As Ann Corcoran said, it is “dropping
needy people” in the middle of small town America. The U.N. High Commissioner
of Refugees (UNHCR) chooses refugees without the approval of local residents. UNHCR
is under the influence of the Organization of Islamic Cooperation, Corcoran
said. “Not surprisingly, a large number of U.S. bound refugees come from
countries with large numbers of people that hate us – Somalia, Afghanistan,
Iraq, and soon from Syria, just to name a few.” https://www.youtube.com/watch?v=6PzT8vEvYPg
Ann Corcoran explains in her video that
“the U.S. State Department distributes the refugees to 9 major federal
contractors:
-
Church World
Services
-
Ethiopian
Community Development Council
-
Episcopal
Migration Ministries
-
Hebrew Immigrant
Aid Society
-
International
Rescue Committee
-
U.S. Commission
for Refugees and Immigrants
-
World Relief
Corporation
-
Lutheran
Immigration and Refugee Services
-
U.S. Conference
of Catholic Bishops.
Six of these so-called religious
charities are largely funded by U.S. Treasury.” The “refugees” are sent to 190
cities and towns in the U.S., particularly to states with largest Muslim
populations - Texas, California, New York, Michigan, and Florida.
These “refugees” are given help for
six months by 350 subcontractors around the country, then “they submit
paperwork to admit the relatives of the first group.” Corcoran believes this is
hijra (Muslim colonization) and
wrote a book to explain it called “Refugee
Resettlement and the Hijra to America.” How many Christians are among these refugees?
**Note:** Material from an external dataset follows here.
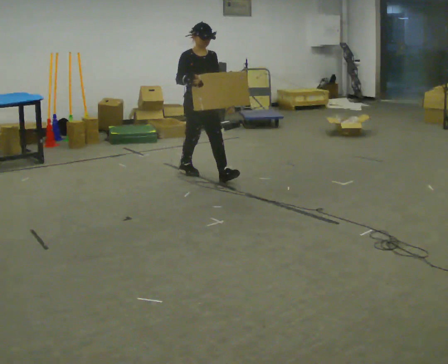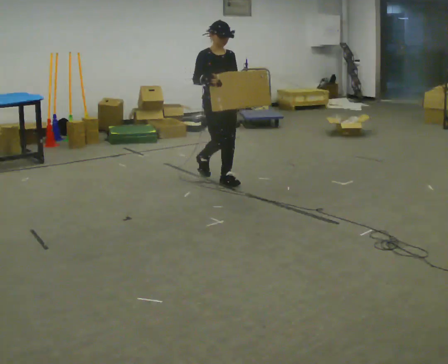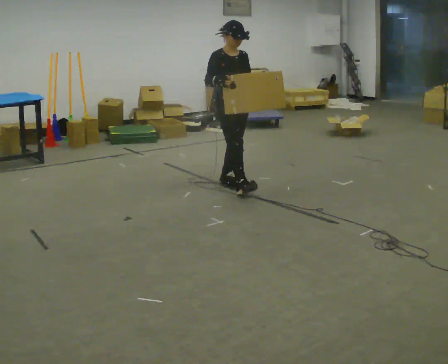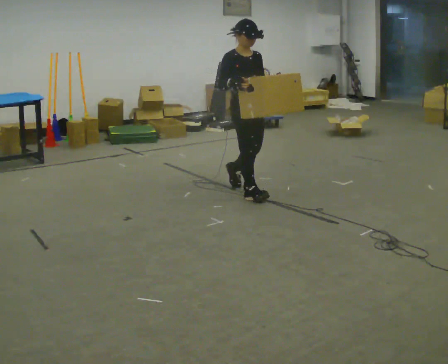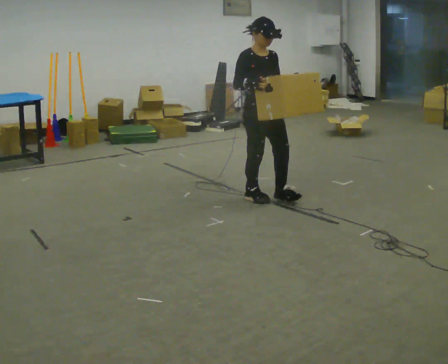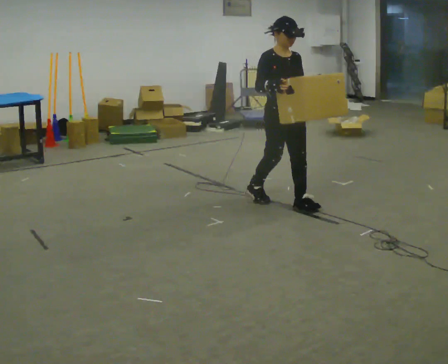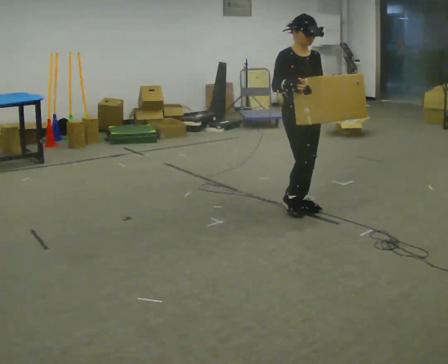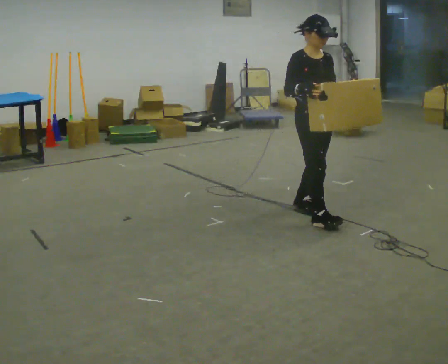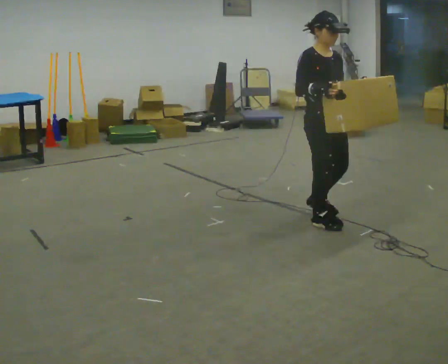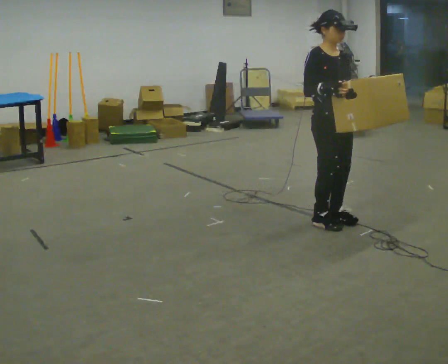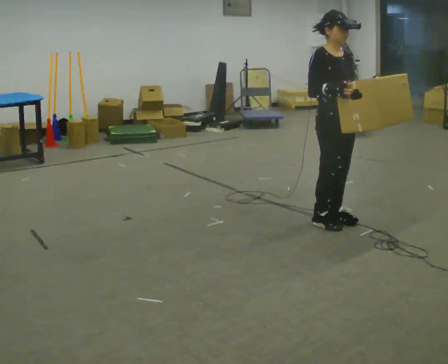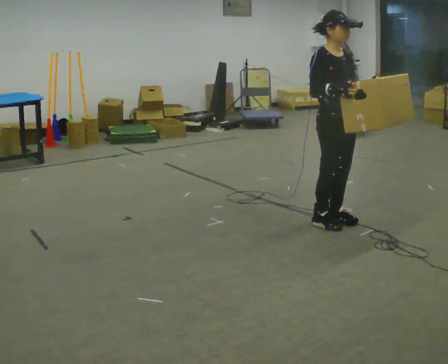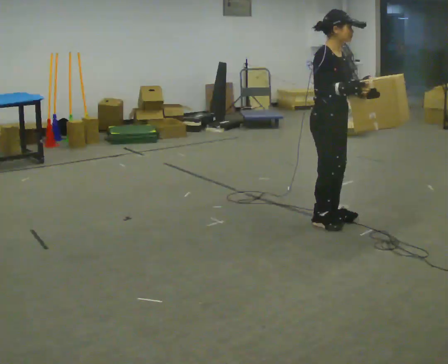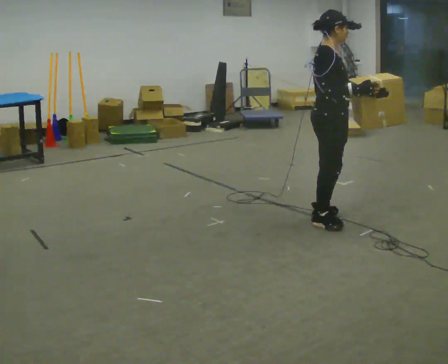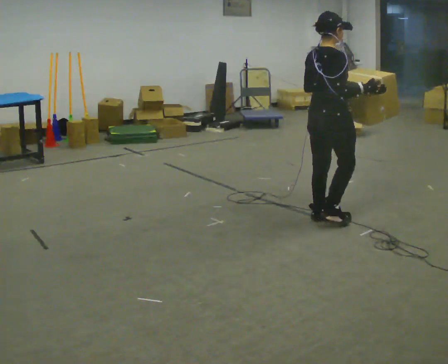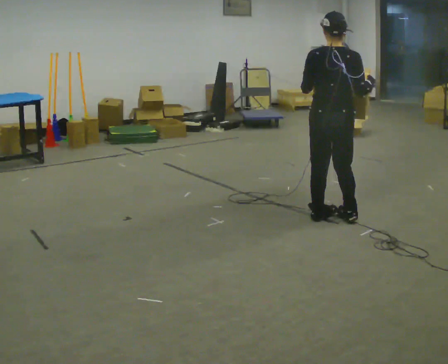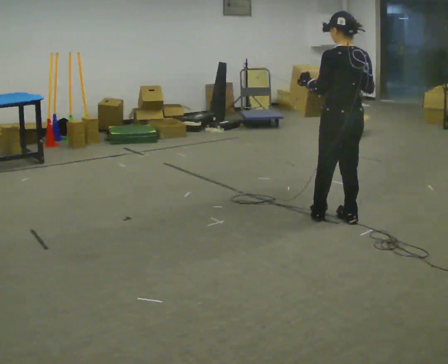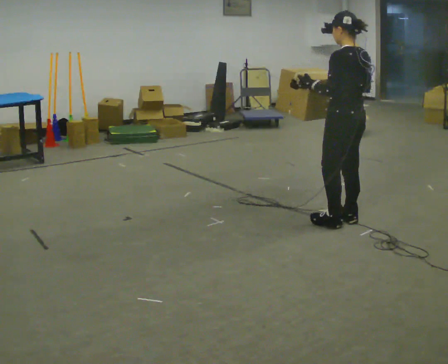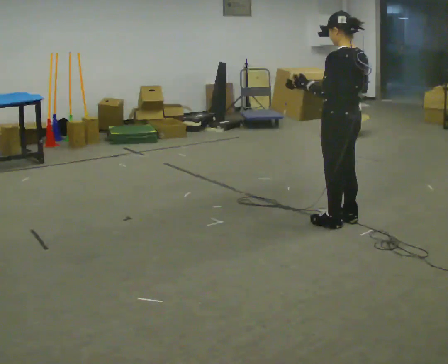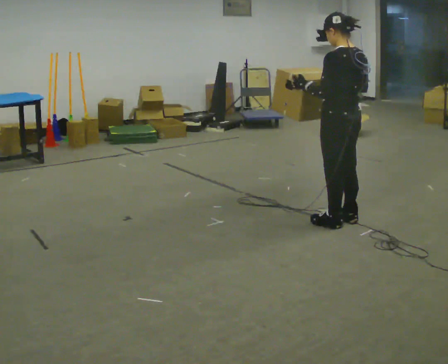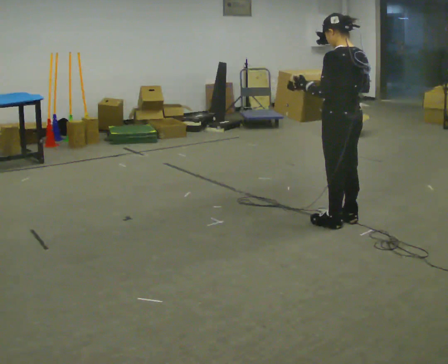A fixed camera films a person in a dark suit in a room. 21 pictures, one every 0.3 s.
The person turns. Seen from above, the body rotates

A shadow layer of government, non-governmental
organizations with their unelected bureaucrats, faceless faith-based lobbyists,
ignoring the wishes of the American people, with billions from the U.S. Treasury,
is forever changing the dynamics and the demographics of our society. Many have
asked, is this a stealth manufactured refugee crisis pushed by the U.N. and a forced
social engineering scheme to redistribute the wealth of the west and to spread
Islam in the cradle of western and Christian civilization?
Most Americans I know are not racists
or xenophobes and don’t worry as much about the immediate or long-term forced
immigration cost as they do about their own safety and survival of their country
as a Christian nation. They do not trust their government to protect them.